Local Board endorses community-led plan to protect dotterels

From left, dotterel minders, with Forest & Bird’s Jenny Hanwell and Dog Friends members.

Coast conservation and dog-owner groups are cautiously optimistic after a community-led plan to protect dotterels on Big Manly and Tindalls Beach was endorsed by the Hibiscus and Bays Local Board at their monthly meeting on May 27. 

Protecting the small birds during the breeding season while maintaining an open and active recreation area for dogs and people has been an ongoing issue on Manly and Tindalls Bay beaches. However, when the Auckland Council’s dog bylaws came up for review earlier this year,  Hibiscus Coast Forest & Bird, Big Manly and Tindalls Dotterel Minders, and Dog Friends Rodney felt the options proposed by Council didn’t serve the community, so they workshopped their own solution. (Hibiscus Matters, February 10, 2025)
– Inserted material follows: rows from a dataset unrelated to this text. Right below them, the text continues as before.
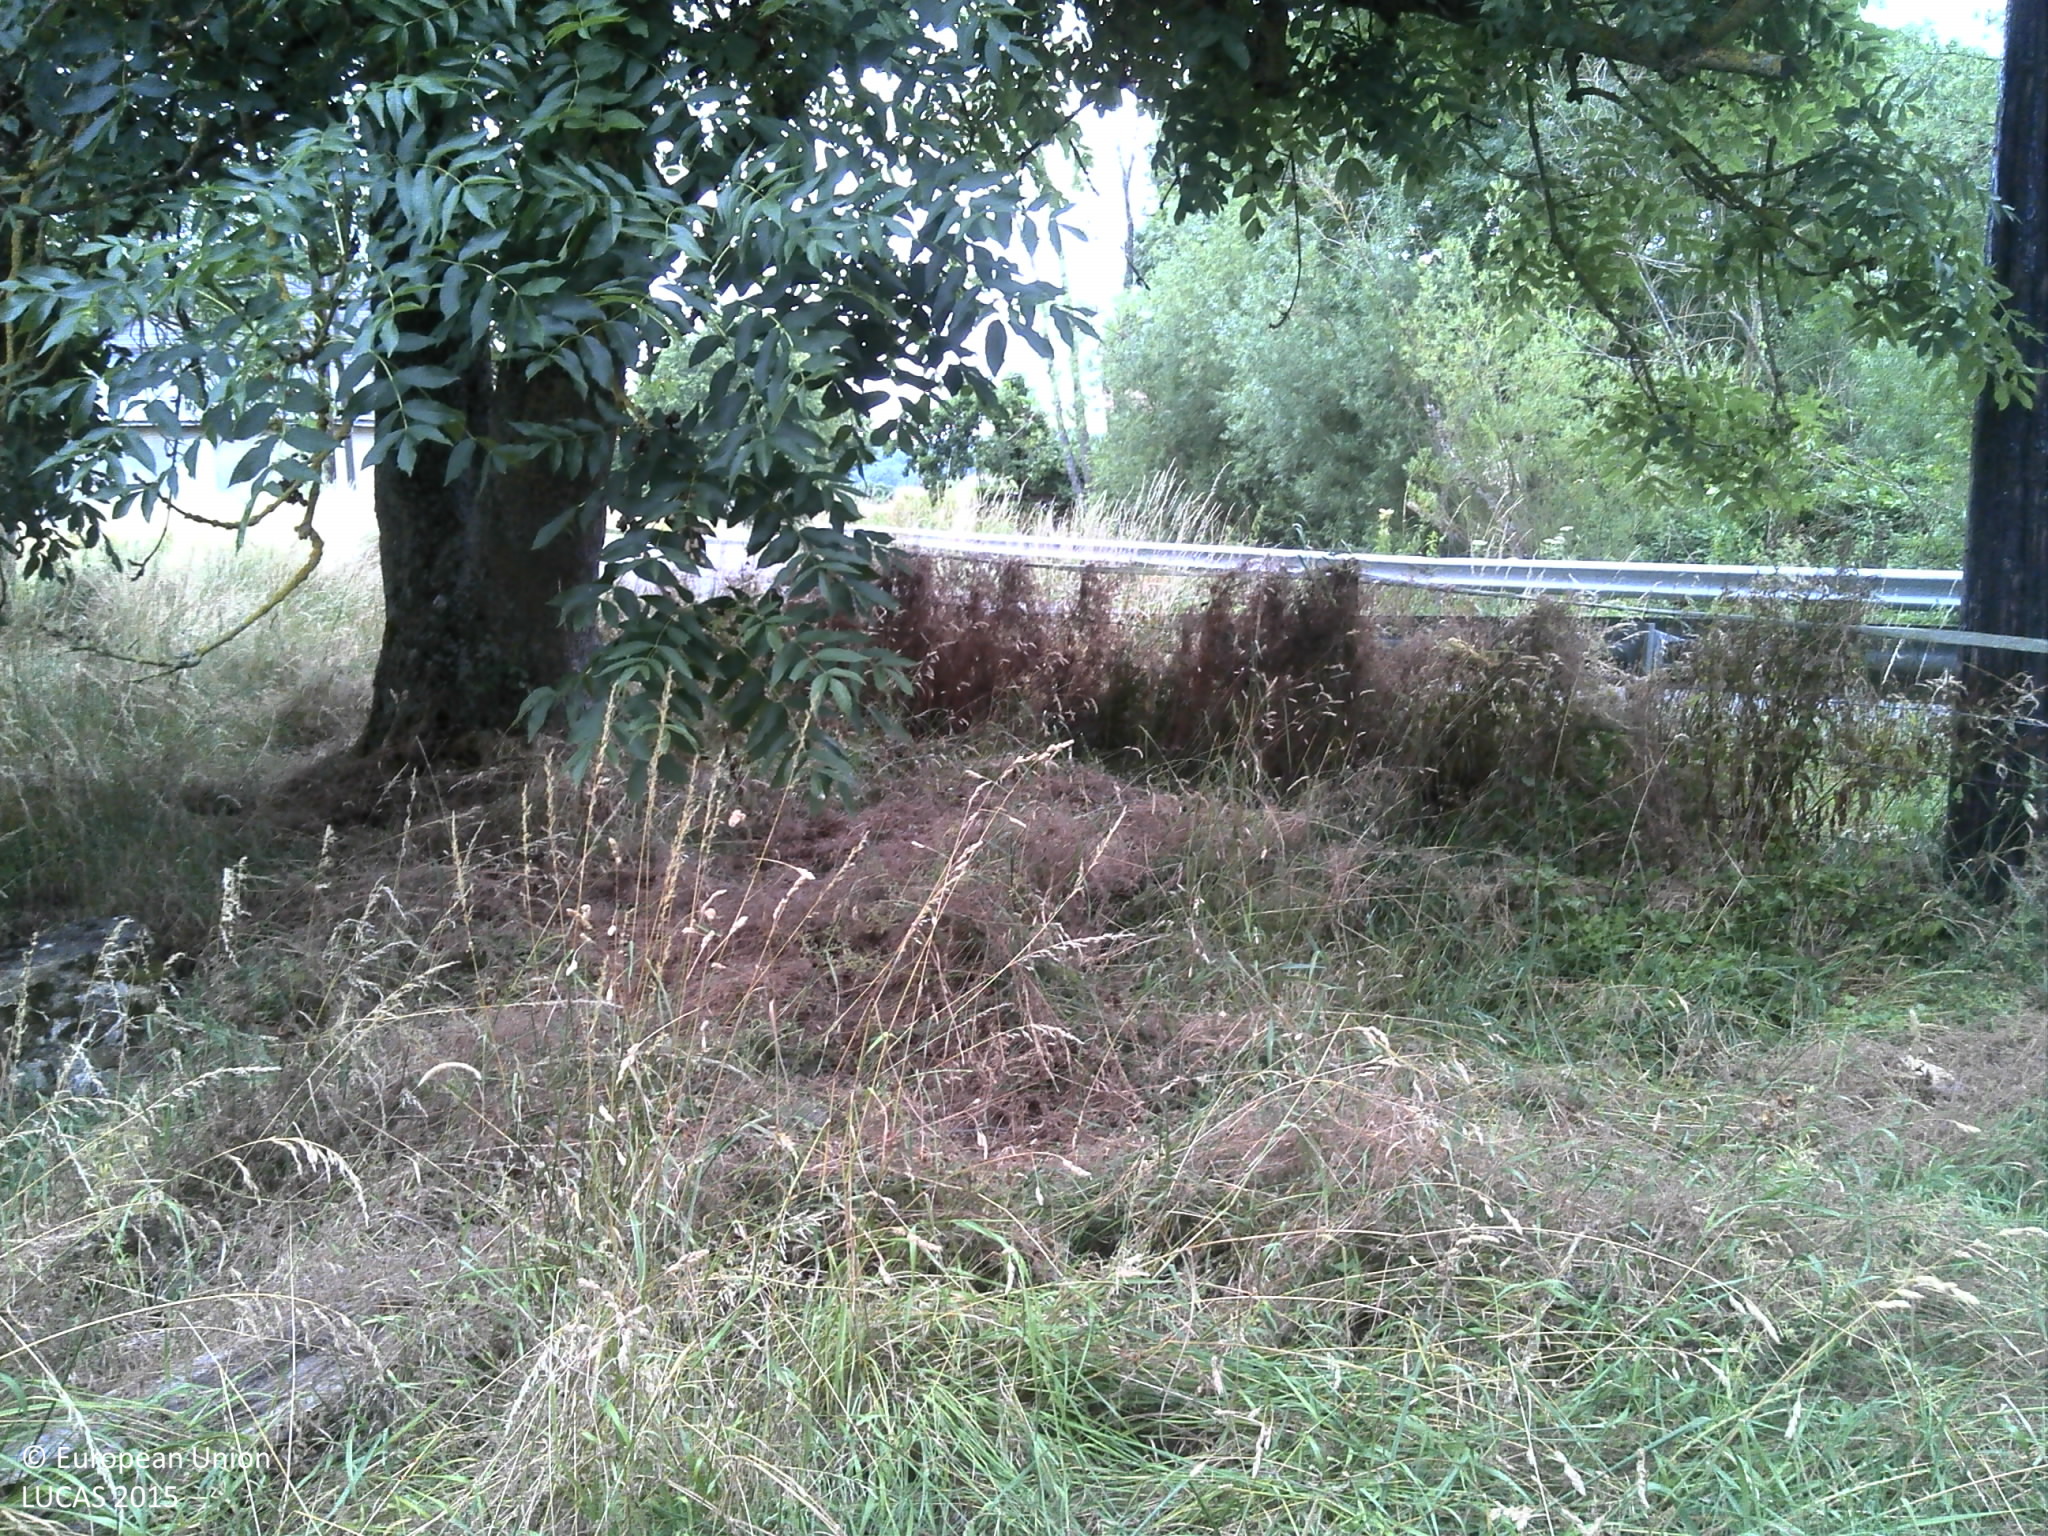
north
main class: Grassland
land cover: Grassland with sparse tree/shrub cover
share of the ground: > 75 %
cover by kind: herbaceous plants 95 %, broadleaved forest trees 5 %
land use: Agriculture (excluding fallow land and kitchen gardens)
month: July
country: FR
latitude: 49.4130
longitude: 4.7178

Their plan is a temporary option, which retains the current time and season rule and during dotterel breeding season requires dogs to be on-leash within 200m of a nest and prohibited from entering a 50m zone near the nest. The nests would be fenced, and signs would educate beachgoers and dog owners about the dotterels.

Project manager for Pest Free Hibiscus Coast, Jenny Hanwell, said although they are pleased their measure has been endorsed, they were disappointed they didn’t have the opportunity to take the community-led option out to public consultation when the bylaw review was proposed.

“It means it’s only a temporary change, but it gives us a chance to pilot the measures and if they work, then they could be used elsewhere,” she said.

The bylaw review attracted a good level of public feedback with 747 people responding via surveys and emails to the Big Manly Beach review, with 35 per cent supporting the Council’s option and 62 per cent opposed.

For the Tindalls Bay review, 699 feedback responses were received, with 34 per cent supporting the Council proposal and 63 percent opposed. 

Many of those opposed said the Council proposal, which restricted dogs to on-leash at all times near the Manly and Tindalls Beach headland, unfairly punished responsible dog owners.

The issue of enforcing the dog access rules, signs and public education costs was raised by several board members at the May meeting. It was noted that the beaches would be designated as hot spots during the breeding season, although it was up to the discretion of animal control services, when and how that would occur. 

However, board member Julia Parfitt, said that maintaining the status quo wasn’t helping.

“Doing it just by bylaws isn’t going to work, we also need public education.”

Hanwell stressed that community education and clear beach signs were essential to help the measures work.

“We don’t want to be policing the access rules, especially as some volunteers were treated rudely last year, but having clear guidelines in place will help people who walk their dogs on the beach.”